Our friend the Spectator, oddly enough, is, for once, very like Tyger Roche. He says—

"It is evident that a serious disturbance in Europe might be very inconvenient to the minor German Powers; and that fact has perhaps suggested the rough guess, that a Prince bound up with German interests by family relations, has used his position near the British Sovereign for the purpose of inducing England to assist in hushing up the quarrel, with scanty regard to the justice of the case; in short, that Prince Albert has induced England to abandon her pledge and her ally!"

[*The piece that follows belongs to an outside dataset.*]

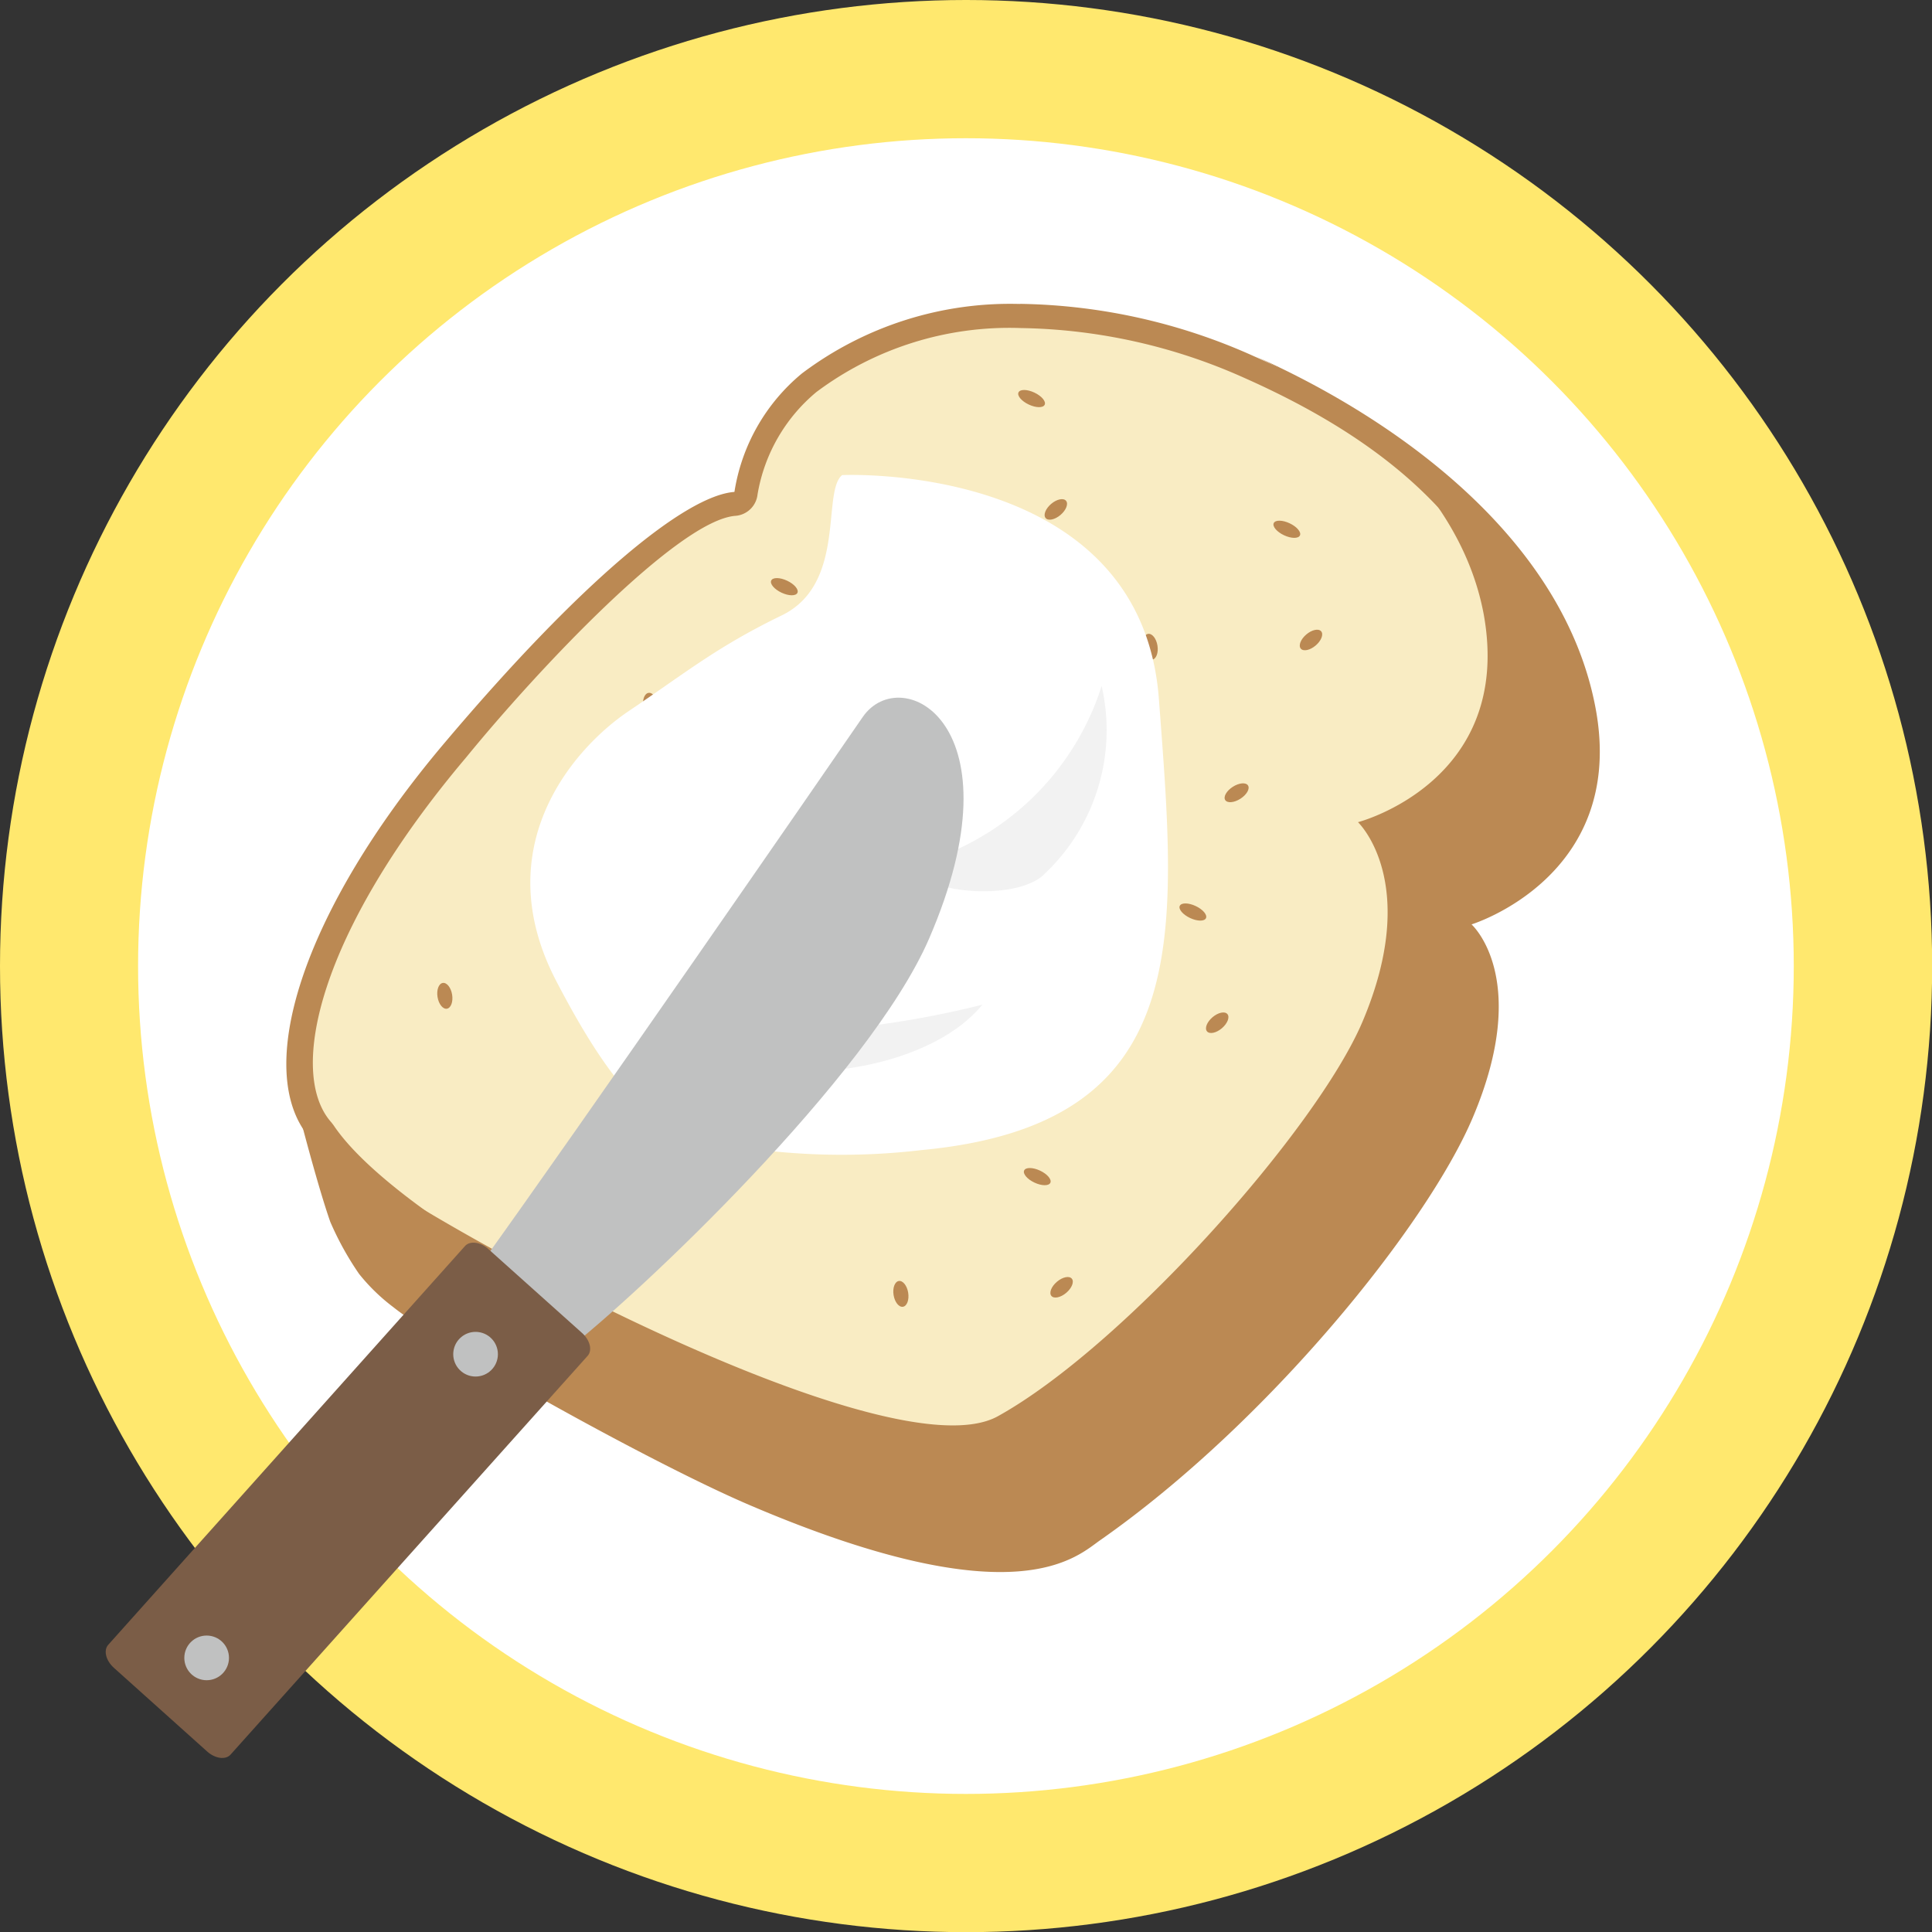 <svg viewBox="0 0 122.85 122.85" xmlns="http://www.w3.org/2000/svg"><rect x="0" y="0" width="122.85" height="122.85" fill="#333333" stroke="none"/><circle cx="61.43" cy="61.43" fill="#ffe86e" r="61.43"/><circle cx="61.42" cy="61.43" fill="#fff" r="52.64"/><path d="m62.59 94.56c-4.7 0-10.76-2.86-17.61-6.33-.22-.1-19.98-9.3-24.59-16.23l-.07-.09c-3.56-4 0-14.15 8.56-24.23 9.53-11.26 15.46-15.46 17.83-15.68a.77.77 0 0 0 .7-.68 11.58 11.58 0 0 1 4-7c3.46-2.78 8.11-4.24 13.46-4.24a36.74 36.74 0 0 1 14.59 3.25c11 4.9 16.89 11.39 18.52 20.43.53 2.93.13 5.22-1.21 6.82-2.11 2.53-6 2.6-6.39 2.6a.84.84 0 0 0 -.72.42.75.75 0 0 0 0 .8c.12.18 3.15 4.49-.37 12.79-1.76 5.22-9.27 14.05-21.75 25.6a7 7 0 0 1 -5 1.75z" fill="#f9ecc3"/><g fill="#bb8953"><path d="m64.89 20.86a35.93 35.93 0 0 1 14.28 3.19c10.75 4.78 16.5 11.09 18.08 19.86.49 2.7.14 4.79-1 6.2-1.88 2.26-5.4 2.33-5.84 2.33a1.53 1.53 0 0 0 -1.34.81 1.56 1.56 0 0 0 .1 1.61c.12.17 2.88 4.21-.44 12v.11c-1.18 3.52-5.87 10.75-21.52 25.23a6.29 6.29 0 0 1 -4.48 1.55c-4.53 0-10.5-2.83-17.26-6.25-.05 0-5-2.33-10.52-5.49-7.14-4.1-11.9-7.71-13.74-10.46l-.13-.17c-2.84-3.15-.81-12.14 8.57-23.23 4.53-5.55 13.49-15.08 17.12-15.35a1.53 1.53 0 0 0 1.4-1.36 10.79 10.79 0 0 1 3.74-6.51 20.48 20.48 0 0 1 13-4.07m0-1.53a22 22 0 0 0 -13.91 4.41 12.22 12.22 0 0 0 -4.3 7.54c-3.11.23-9.7 5.63-18.4 15.92-9.15 10.8-12.3 21.01-8.54 25.23 4.82 7.18 24.88 16.48 24.88 16.48 6.41 3.24 12.91 6.41 18 6.41a7.83 7.83 0 0 0 5.52-1.95c6.84-6.37 19.42-18.56 21.84-25.87 3.76-8.86.28-13.53.28-13.53h.08c1 0 10.17-.26 8.35-10.33-2-10.83-9.87-16.94-19-21a37.45 37.45 0 0 0 -14.91-3.32z"/><path d="m19.21 71.55c3.79 4.15 36.85 22.56 44.23 18.51 8-4.43 20.29-18.24 23.2-25.1 3.75-8.86-.29-12.68-.29-12.68s9.9-2.57 8-13.19c-2-10.83-14.53-16.44-14.53-16.44 9.08 4.05 19.7 11.67 21.66 22.5 1.91 10.62-7.91 13.63-7.91 13.63s3.84 3.41.08 12.28c-2.9 6.85-13 19.38-23.64 26.84-1.48 1-5.21 5.11-22.26-2.16-6.13-2.6-19.57-10.09-22.75-12.63a12 12 0 0 1 -2.17-2.11 19.24 19.24 0 0 1 -1.83-3.31c-.75-2.14-1.79-6.14-1.79-6.14z"/><ellipse cx="28.27" cy="63.35" rx=".47" ry=".83" transform="matrix(.987 -.159 .159 .987 -9.69 5.29)"/><ellipse cx="38.13" cy="53.86" rx=".42" ry=".92" transform="matrix(.426 -.905 .905 .426 -26.84 65.43)"/><ellipse cx="39.24" cy="62.86" rx=".85" ry=".46" transform="matrix(.762 -.648 .648 .762 -31.37 40.38)"/><ellipse cx="41.2" cy="44.82" rx=".47" ry=".83" transform="matrix(.99 -.16 .16 .99 -6.59 7.1)"/><ellipse cx="49.85" cy="37.3" rx=".42" ry=".92" transform="matrix(.426 -.905 .905 .426 -5.12 66.53)"/><ellipse cx="51.4" cy="44.37" rx=".85" ry=".46" transform="matrix(.762 -.648 .648 .762 -16.5 43.86)"/><ellipse cx="42.9" cy="70.27" rx=".47" ry=".83" transform="matrix(.987 -.159 .159 .987 -10.6 7.7)"/><ellipse cx="51.55" cy="62.75" rx=".42" ry=".92" transform="matrix(.426 -.905 .905 .426 -27.17 82.69)"/><ellipse cx="53.1" cy="69.82" rx=".85" ry=".46" transform="matrix(.762 -.648 .648 .762 -32.58 51.02)"/><ellipse cx="57.27" cy="82.32" rx=".47" ry=".83" transform="matrix(.987 -.159 .159 .987 -12.33 10.13)"/><ellipse cx="65.92" cy="74.8" rx=".42" ry=".92" transform="matrix(.426 -.905 .905 .426 -29.82 102.61)"/><ellipse cx="67.47" cy="81.87" rx=".85" ry=".46" transform="matrix(.762 -.648 .648 .762 -36.96 63.19)"/><ellipse cx="73.14" cy="41.17" rx=".47" ry=".83" transform="matrix(.987 -.159 .159 .987 -5.6 12.12)"/><ellipse cx="81.79" cy="33.65" rx=".42" ry=".92" transform="matrix(.426 -.905 .905 .426 16.53 93.34)"/><ellipse cx="83.34" cy="40.72" rx=".85" ry=".46" transform="matrix(.762 -.648 .648 .762 -6.53 63.67)"/><ellipse cx="67.17" cy="65.5" rx=".47" ry=".83" transform="matrix(.987 -.159 .159 .987 -9.54 11.48)"/><ellipse cx="75.82" cy="57.98" rx=".42" ry=".92" transform="matrix(.426 -.905 .905 .426 -8.92 101.91)"/><ellipse cx="77.37" cy="65.05" rx=".85" ry=".46" transform="matrix(.762 -.648 .648 .762 -23.71 65.6)"/><ellipse cx="56.92" cy="32.86" rx=".47" ry=".83" transform="matrix(.987 -.159 .159 .987 -4.49 9.45)"/><ellipse cx="65.57" cy="25.34" rx=".42" ry=".92" transform="matrix(.426 -.905 .905 .426 14.73 73.89)"/><ellipse cx="67.12" cy="32.41" rx=".85" ry=".46" transform="matrix(.762 -.648 .648 .762 -5.01 51.19)"/><ellipse cx="52.5" cy="54.99" rx=".47" ry=".83" transform="matrix(.987 -.159 .159 .987 -8.06 9.03)"/><ellipse cx="64.81" cy="45.18" rx=".42" ry=".92" transform="matrix(.426 -.905 .905 .426 -3.66 84.59)"/><ellipse cx="78.61" cy="50.45" rx=".86" ry=".45" transform="matrix(.842 -.54 .54 .842 -14.8 50.38)"/><ellipse cx="62.7" cy="54.55" rx=".85" ry=".46" transform="matrix(.762 -.648 .648 .762 -20.4 53.6)"/></g><path d="m53.55 30.21s19-.91 20.14 14.23 2.37 27.05-15.09 28.69a43.32 43.32 0 0 1 -12.43-.33c-3.88-.7-6.42-2-10.81-10.44s1.04-14.74 4.64-17.16 5.58-4.07 9.71-6.07 2.53-7.86 3.84-8.92z" fill="#fff"/><path d="m70.05 43.62a17.14 17.14 0 0 1 -10.14 10.79c-4.47 1.82 4.36 3.42 6.54 1.13a12.56 12.56 0 0 0 3.6-11.92z" fill="#f2f2f2"/><path d="m62.47 63.88s-10.26 2.73-14.77 1-1.57 2.24 1.51 3 10.22-.28 13.26-4z" fill="#f2f2f2"/><path d="m28.68 83 1.83-2.52c6.08-8.42 22.29-31.89 24.35-34.89 2.44-3.54 10.14.41 4.22 14.09-3.81 8.81-18.6 22.75-23.08 26.19z" fill="#c0c1c1"/><path d="m13.17 111.37-5.93-5.32c-.51-.46-.67-1.11-.36-1.46l22.69-25.36c.31-.35 1-.26 1.49.2l5.94 5.32c.52.46.68 1.11.37 1.46l-22.71 25.36c-.31.35-.98.26-1.49-.2z" fill="#7b5d47"/><circle cx="13.14" cy="105.42" fill="#c0c1c1" r="1.42"/><circle cx="30.24" cy="86.11" fill="#c0c1c1" r="1.42"/></svg>

The Spectator having made "the rough guess," reasons on it in his own logical way, and concludes with these convincing words—

"We do not believe that Prince Albert has so far forgotten his happy and exalted duty, of which he has shown so just an appreciation, by officious meddling with affairs which are not his."

That the Spectator, the Esquimaux of the Press—for somehow he always appears to Punch in a suit of sealskin, with a very blue nose, prepared, if necessary, to harpoon the whale that shall supply his midnight oil—that the cold Spectator should suggest such a charge against Prince Albert merely to express a disbelief is, at least, a very unnecessary trouble.

"Don't nail the poor man's ears to the pump!" cries Tyger Roche.

"Don't believe Prince Albert an ally of Nicholas!" cries the Spectator.


A Serious Question To Colonel Sibthorp.—Is the ghost of Pond Street, Chelsea, the ghost of Protection?